CAPEC-102: Session Sidejacking
Session sidejacking takes advantage of an unencrypted communication channel between a victim and target system. The attacker sniffs traffic on a network looking for session tokens in unencrypted traffic. Once a session token is captured, the attacker performs malicious actions by using the stolen token with the targeted application to impersonate the victim. This attack is a specific method of session hijacking, which is exploiting a valid session token to gain unauthorized access to a target system or information. Other methods to perform a session hijacking are session fixation, cross-site scripting, or compromising a user or server machine and stealing the session token.
CAPEC-117: Interception
An adversary monitors data streams to or from the target for information gathering purposes. This attack may be undertaken to solely gather sensitive information or to support a further attack against the target. This attack pattern can involve sniffing network traffic as well as other types of data streams (e.g. radio). The adversary can attempt to initiate the establishment of a data stream or passively observe the communications as they unfold. In all variants of this attack, the adversary is not the intended recipient of the data stream. In contrast to other means of gathering information (e.g., targeting data leaks), the adversary must actively position themself so as to observe explicit data channels (e.g. network traffic) and read the content. However, this attack differs from a Adversary-In-the-Middle (CAPEC-94) attack, as the adversary does not alter the content of the communications nor forward data to the intended recipient.
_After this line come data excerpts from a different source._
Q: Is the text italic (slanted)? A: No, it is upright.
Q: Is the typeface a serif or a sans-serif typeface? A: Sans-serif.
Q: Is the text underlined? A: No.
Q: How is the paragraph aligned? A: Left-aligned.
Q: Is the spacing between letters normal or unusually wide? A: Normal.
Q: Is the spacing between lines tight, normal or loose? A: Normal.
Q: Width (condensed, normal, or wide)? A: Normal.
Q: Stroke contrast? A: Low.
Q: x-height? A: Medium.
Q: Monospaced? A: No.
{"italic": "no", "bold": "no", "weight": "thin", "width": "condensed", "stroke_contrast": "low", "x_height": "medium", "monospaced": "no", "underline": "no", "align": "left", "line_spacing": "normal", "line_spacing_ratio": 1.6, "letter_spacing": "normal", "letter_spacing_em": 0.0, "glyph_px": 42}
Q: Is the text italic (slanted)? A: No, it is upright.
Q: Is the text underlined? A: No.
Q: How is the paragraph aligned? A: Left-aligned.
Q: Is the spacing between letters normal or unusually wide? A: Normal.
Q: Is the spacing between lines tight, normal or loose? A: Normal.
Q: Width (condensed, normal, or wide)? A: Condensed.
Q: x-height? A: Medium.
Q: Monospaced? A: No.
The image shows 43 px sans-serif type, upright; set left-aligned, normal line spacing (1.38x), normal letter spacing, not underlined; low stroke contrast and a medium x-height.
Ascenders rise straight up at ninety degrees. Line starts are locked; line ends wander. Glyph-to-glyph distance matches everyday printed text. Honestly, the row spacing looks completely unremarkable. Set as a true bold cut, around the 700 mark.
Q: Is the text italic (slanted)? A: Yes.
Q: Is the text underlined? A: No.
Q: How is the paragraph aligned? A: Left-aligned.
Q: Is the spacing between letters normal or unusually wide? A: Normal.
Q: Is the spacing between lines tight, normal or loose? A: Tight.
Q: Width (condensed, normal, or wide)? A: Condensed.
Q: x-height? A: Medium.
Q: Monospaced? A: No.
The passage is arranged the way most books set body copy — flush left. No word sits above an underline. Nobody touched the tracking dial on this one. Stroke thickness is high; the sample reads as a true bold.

CAPEC-383: Harvesting Information via API Event Monitoring
An adversary hosts an event within an application framework and then monitors the data exchanged during the course of the event for the purpose of harvesting any important data leaked during the transactions. One example could be harvesting lists of usernames or userIDs for the purpose of sending spam messages to those users. One example of this type of attack involves the adversary creating an event within the sub-application. Assume the adversary hosts a "virtual sale" of rare items. As other users enter the event, the attacker records via AiTM (CAPEC-94) proxy the user_ids and usernames of everyone who attends. The adversary would then be able to spam those users within the application using an automated script.
CAPEC-477: Signature Spoofing by Mixing Signed and Unsigned Content
An attacker exploits the underlying complexity of a data structure that allows for both signed and unsigned content, to cause unsigned data to be processed as though it were signed data.
CAPEC-65: Sniff Application Code
An adversary passively sniffs network communications and captures application code bound for an authorized client. Once obtained, they can use it as-is, or through reverse-engineering glean sensitive information or exploit the trust relationship between the client and server. Such code may belong to a dynamic update to the client, a patch being applied to a client component or any such interaction where the client is authorized to communicate with the server.